As she left she felt as if she’d lost something precious she could never find again.
“One…two…three!” Vince chanted enthusiastically the following Monday as he raised Sean’s arm up and down. After three, Vince put his lips to the little boy’s tummy and blew a puff of air, making Sean giggle. Sean always giggled when Vince did that and Vince loved to hear it.
However, Sean stopped midgiggle and gave a little cough.

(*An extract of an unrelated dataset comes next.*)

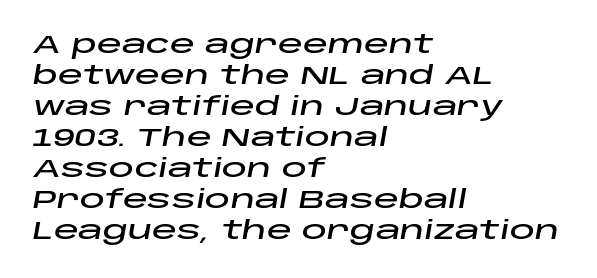
{"italic": "yes", "lean": "right", "slant_degrees": 10, "underline": "no", "align": "left", "line_spacing_ratio": 1.24, "letter_spacing": "normal", "letter_spacing_em": 0.0, "glyph_px": 25}
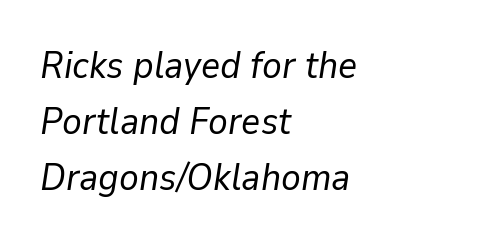
The image shows 37 px regular-weight type, italic (leaning right); set left-aligned, normal line spacing (1.52x), normal letter spacing, not underlined; low stroke contrast and a medium x-height.

Vince studied his son then commented to Mrs. Zappa, who was folding laundry, “He’s sniffling. I noticed it this morning when I gave him his bottle.”
Mrs. Zappa was a short, robust woman, with rimless spectacles and gray salting her black hair. She was full of energy and seemed to love taking care of Sean.
Mrs. Zappa placed Sean’s little shirts in a chest drawer and crossed to the changing table where Vince stood taking his son through the routine of exercises for his arm.
She studied the baby. “He ate this morning.”
“Not as much as usual,” Vince reminded her.
“Does he have a fever?”
Vince picked up the ear thermometer he’d bought. “According to this he doesn’t, but maybe I’m using it wrong.”
Mrs. Zappa took it from him and crooned to Sean. “Let me try to take your temperature, too.” Afterward she scanned the readout. “Normal. But with a baby, that could change at any time. I’ll check it every hour or so. We’ll make it a game.”
Vince glanced at his watch. “I should get going.”
“Did you eat breakfast?”
A genuine homebody, Mrs. Zappa felt she had to mother him as well as Sean. He wasn’t sure how he felt about that. It had been a long time since anyone cared whether he ate well or slept…not since he’d been married to Tessa.
“I’ll grab something at the station.”
“Oh sure, some of those pastries from the Yellow Rose. Don’t you realize they’re clogging your arteries?”
“I could just have black coffee,” he joked.
Rolling her eyes, Mrs. Zappa picked up Sean, bouncing him in the air. The baby chortled and drew up his legs.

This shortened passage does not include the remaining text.